*** RECORDS SHOWN ***
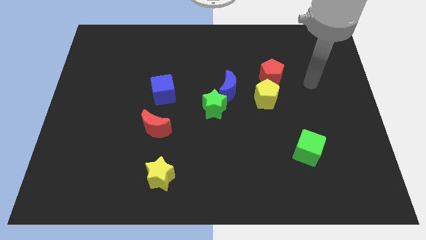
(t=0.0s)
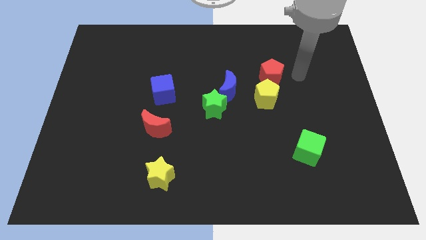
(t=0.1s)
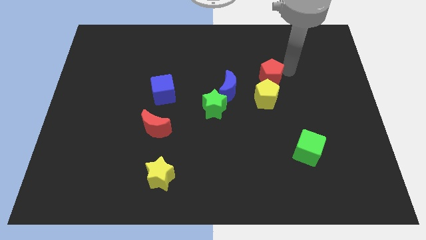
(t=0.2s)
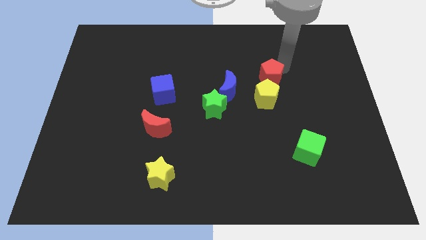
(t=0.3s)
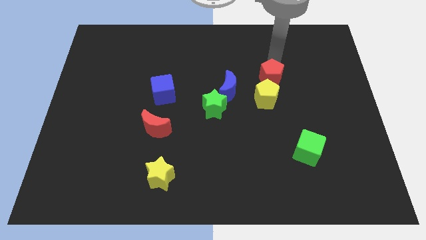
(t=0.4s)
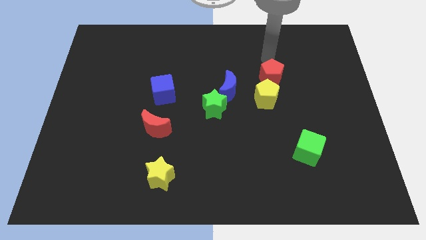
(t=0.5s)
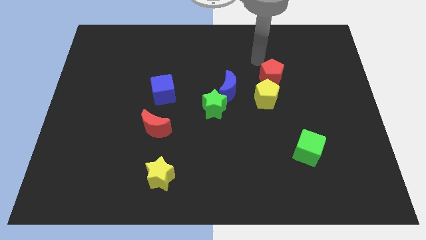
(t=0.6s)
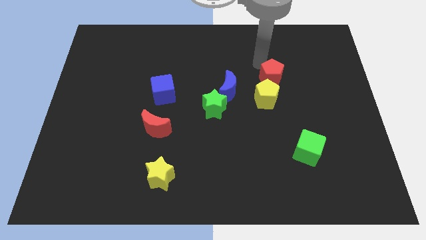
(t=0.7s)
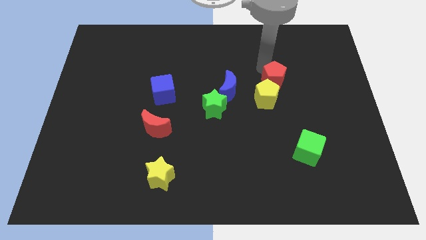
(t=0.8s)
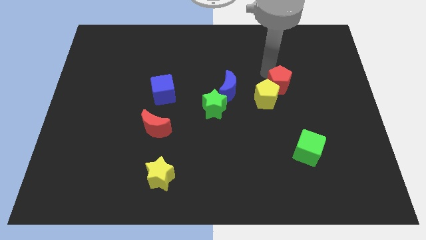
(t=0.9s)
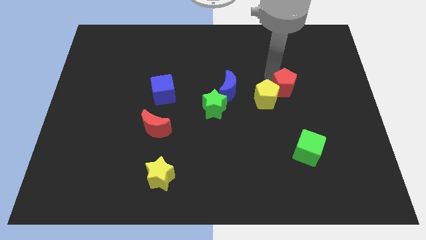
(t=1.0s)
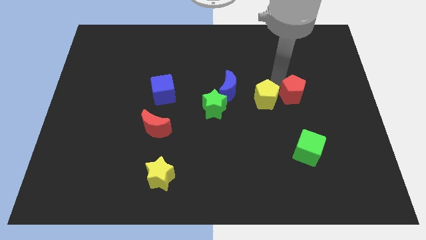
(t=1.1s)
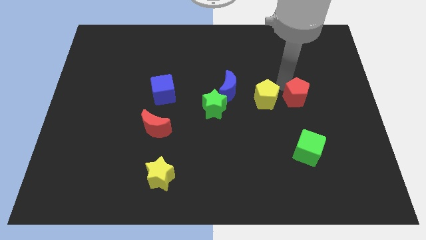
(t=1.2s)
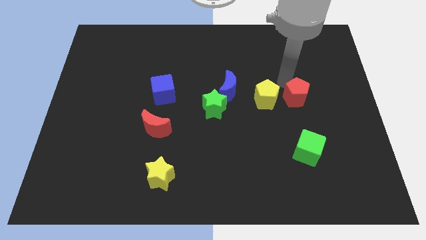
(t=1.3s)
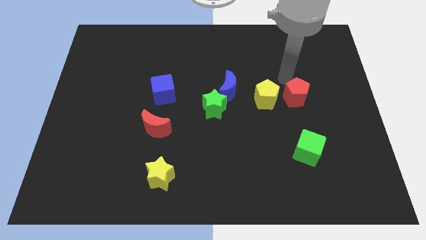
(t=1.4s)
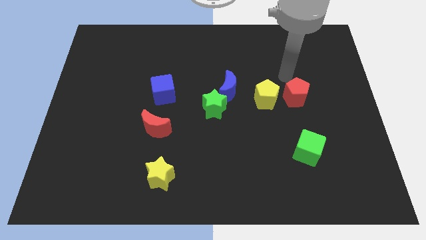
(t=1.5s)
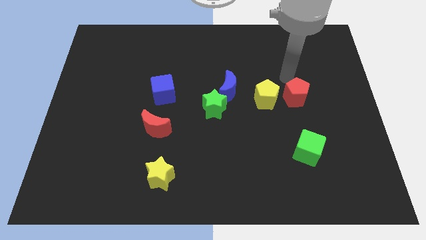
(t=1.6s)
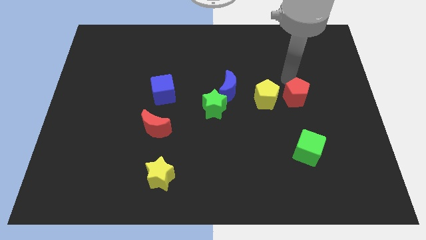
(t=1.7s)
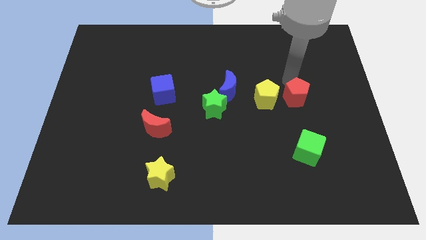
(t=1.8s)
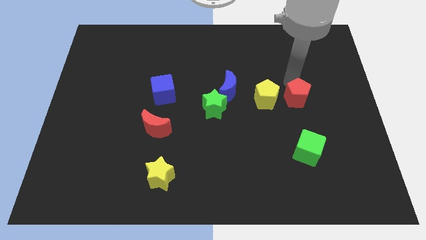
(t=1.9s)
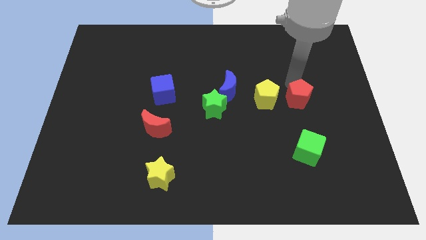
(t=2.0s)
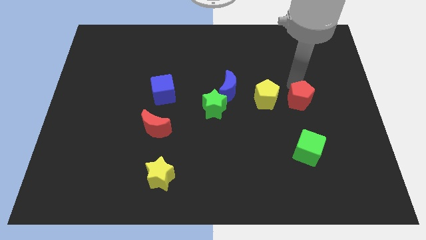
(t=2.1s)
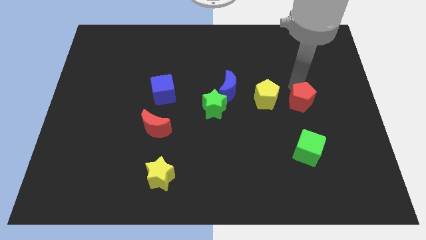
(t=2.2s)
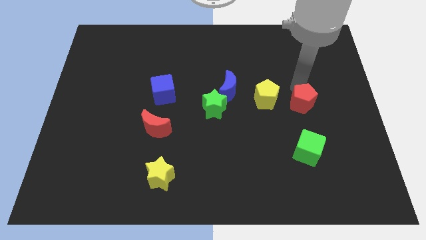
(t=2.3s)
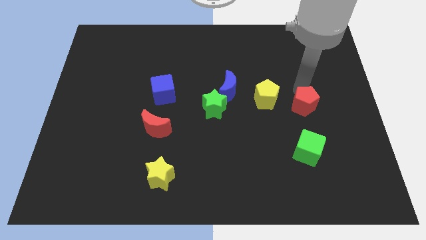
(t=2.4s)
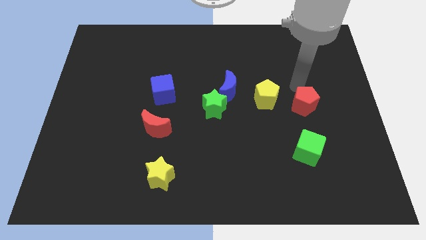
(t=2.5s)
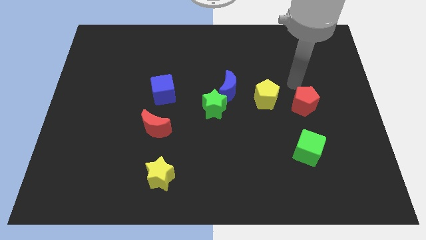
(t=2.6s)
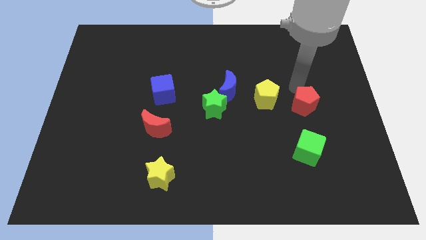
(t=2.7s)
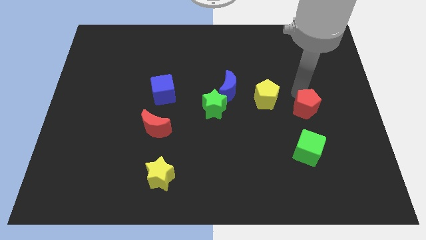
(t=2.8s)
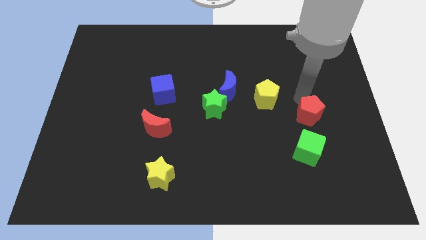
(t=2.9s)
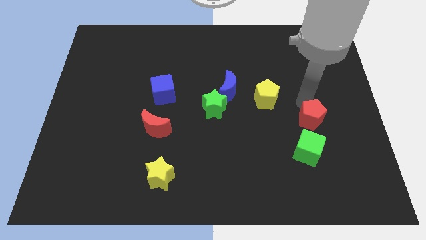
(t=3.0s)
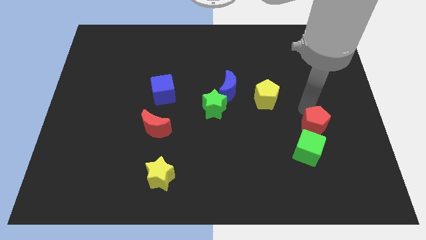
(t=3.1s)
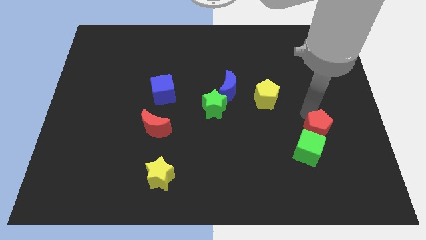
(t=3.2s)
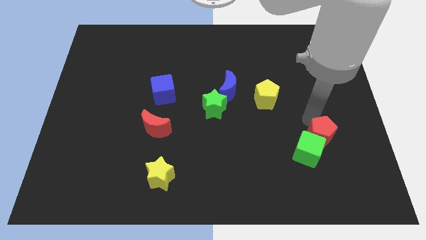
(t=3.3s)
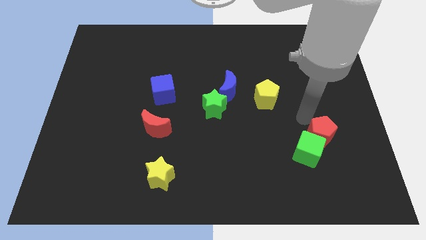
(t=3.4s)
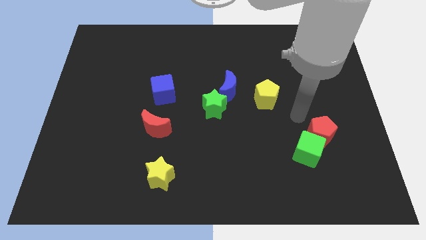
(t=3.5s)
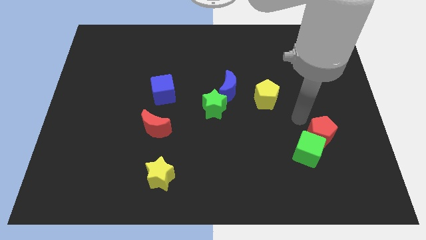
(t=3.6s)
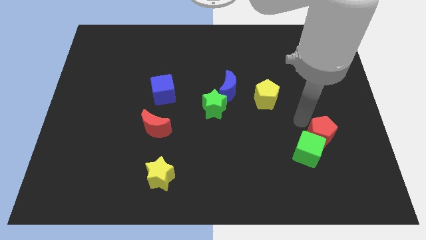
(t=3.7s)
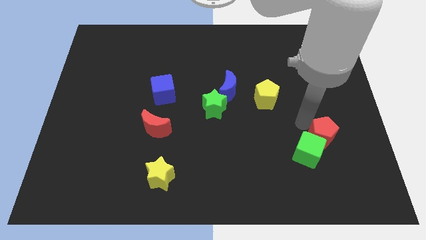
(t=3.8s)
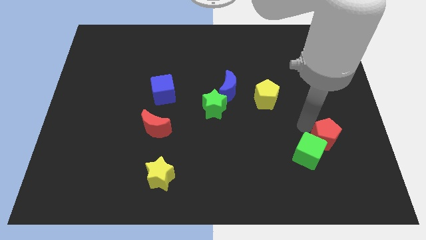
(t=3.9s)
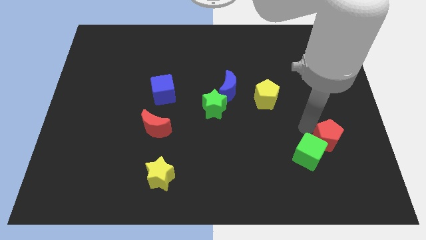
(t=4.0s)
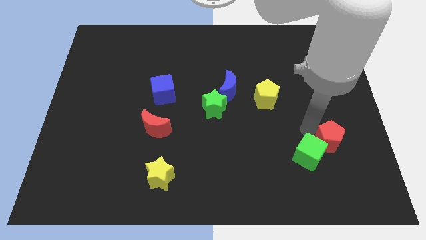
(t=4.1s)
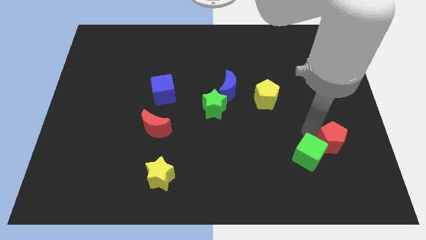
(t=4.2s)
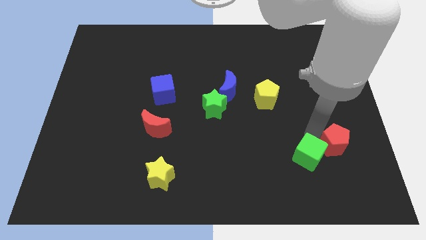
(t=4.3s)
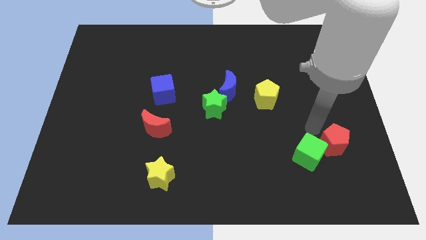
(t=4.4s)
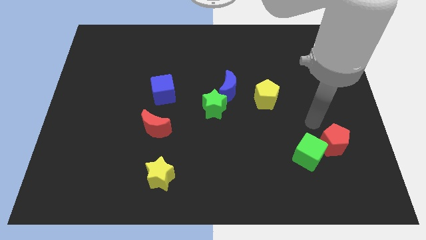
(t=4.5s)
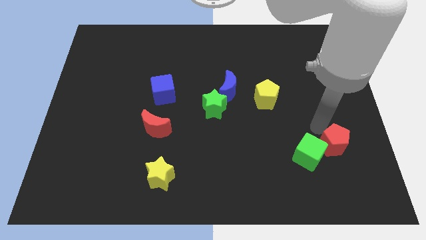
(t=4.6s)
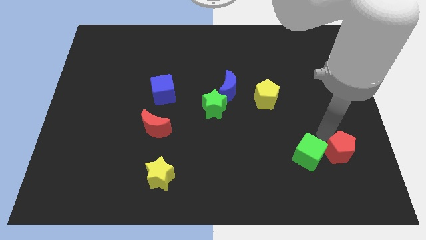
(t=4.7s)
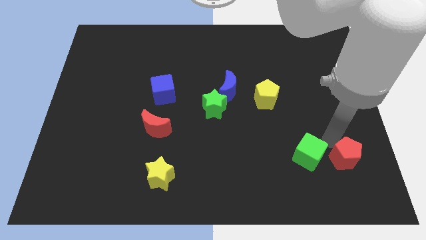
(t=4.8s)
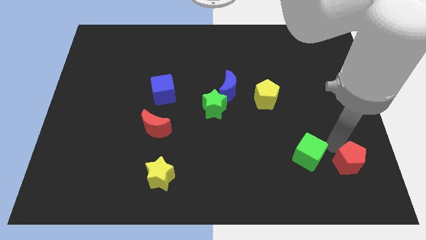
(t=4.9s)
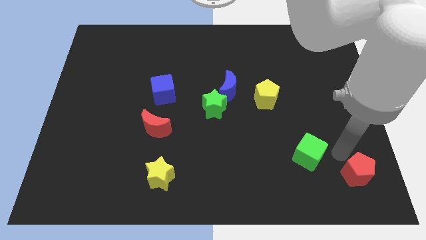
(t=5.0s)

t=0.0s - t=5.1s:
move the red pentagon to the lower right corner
*** End of RECORDS SHOWN ***
- [EXERCISE BRIEF]
An exact reproduction of the data above is required, with every picture removed.

- [EXERCISE OUTPUT]
(t=0.0s)
(t=0.1s)
(t=0.2s)
(t=0.3s)
(t=0.4s)
(t=0.5s)
(t=0.6s)
(t=0.7s)
(t=0.8s)
(t=0.9s)
(t=1.0s)
(t=1.1s)
(t=1.2s)
(t=1.3s)
(t=1.4s)
(t=1.5s)
(t=1.6s)
(t=1.7s)
(t=1.8s)
(t=1.9s)
(t=2.0s)
(t=2.1s)
(t=2.2s)
(t=2.3s)
(t=2.4s)
(t=2.5s)
(t=2.6s)
(t=2.7s)
(t=2.8s)
(t=2.9s)
(t=3.0s)
(t=3.1s)
(t=3.2s)
(t=3.3s)
(t=3.4s)
(t=3.5s)
(t=3.6s)
(t=3.7s)
(t=3.8s)
(t=3.9s)
(t=4.0s)
(t=4.1s)
(t=4.2s)
(t=4.3s)
(t=4.4s)
(t=4.5s)
(t=4.6s)
(t=4.7s)
(t=4.8s)
(t=4.9s)
(t=5.0s)

t=0.0s - t=5.1s:
move the red pentagon to the lower right corner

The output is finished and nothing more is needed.